On Jones' 70th birthday, 7 June 2010, the single "Burning Hell", a cover of the John Lee Hooker classic, from the forthcoming Praise & Blame album, was released. In July 2010 it was reported, however, that David Sharpe, vice-president of Island Records (to whom Jones had moved, from EMI, for £1.5m in October 2009), had emailed colleagues demanding that they "pull back this project immediately or get my money back" and asking if the record had been "a sick joke". Jones later attacked Sharpe and revealed that he was furious about the leaked email. - Wikipedia

First track on "Praise and Blame" is Dylan's sublime "What Good Am I?", which is about a million miles away from the green, green grass of home. Or Las Vegas. Lyrics here:
http://www.bobdylan.com/#/songs/what-good-am-i

Performance on 'Later' here -
http://www.youtube.com/watch?v=qFs_glRugzE

One of Yentob's 'Imagine' documentaries was shown recently, featuring Tom J, obviously as a tie-in for the release of the new album. He really came across as a very decent and likeable guy, and very honest. If it's still available on iPlayer it's worth watching.

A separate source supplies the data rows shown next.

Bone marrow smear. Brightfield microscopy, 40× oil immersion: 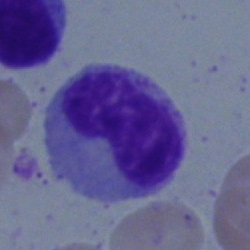This is a metamyelocyte.
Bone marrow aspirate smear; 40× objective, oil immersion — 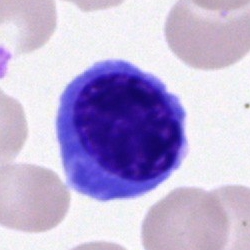Specimen: bone marrow aspirate smear.
Classification: normoblast.
Lineage: erythroid.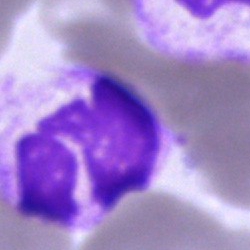An unidentifiable cell on a bone marrow smear.
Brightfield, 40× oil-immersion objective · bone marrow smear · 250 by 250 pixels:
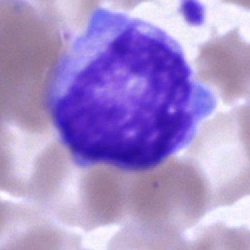Q: Identify the cell.
A: This is an unidentifiable cell.
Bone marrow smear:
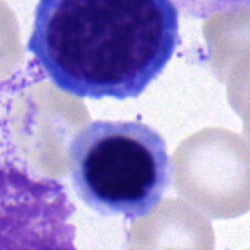
{"cell_type": "erythroblast"}

This is a decent page about Tom - http://www.theartsdesk.com/index.php?option=com_k2&view=item&id=1787:imagine-tom-jones-what-good-am-i?-tv-review&Itemid=30

Also on this site is a brilliant video of Tom duetting with the amazing Janis Joplin - a song called Raise Your Hand - an Eddie Floyd and Steve Cropper soul classic.
http://www.youtube.com/watch?v=8ib2b4BOZIQ&feature=player_embedded

The sheer joy on the faces of both of them as they belt out the song makes you realise all over again what an incredible loss it was to the planet when Janis died. She's never been equalled as a blues and soul singer.

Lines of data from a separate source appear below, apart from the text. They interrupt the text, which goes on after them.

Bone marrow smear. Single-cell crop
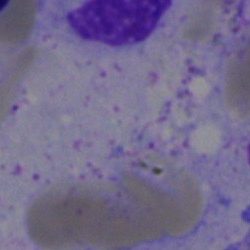 Specimen: bone marrow aspirate smear.
Classification: artifact.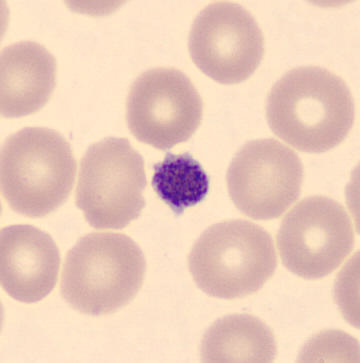May Grünwald-Giemsa stain; CellaVision DM96 digital cell image; peripheral blood film.

Cell type — platelet (thrombocyte).

Janis singing it on her own (with her band) here: http://www.youtube.com/watch?v=8TDw8v1Gi1E

Incidentally there's an interesting version of Talking Heads' excellent 'Burning Down The House' by Tom Jones with The Cardigans available on Spotify.

"I'm just an ordinary guy
Burning down the house."

And did anyone know that Tom recorded an entire album with Jools Holland in 2004? Boogie Woogie! Some nice Hammond playing on this. Track 1 is terrific - "Life's Too Short". Listen here:
http://il.youtube.com/watch?v=zjhJHjNj80o&feature=related

http://www.tomjones.com/

Also on Spotify I came across an album Tom made in 2002 called 'Mr Jones'. First track is a very funky thing called 'Tom Jones International', which is credited to Tom and Wyclef Jean. Practically hip-hop.
'Younger Days' is also a great piece of funk, with brilliant drums and bass.
"I was young and rowdy
Now I'm old and rowdy."
Way to go, Tom.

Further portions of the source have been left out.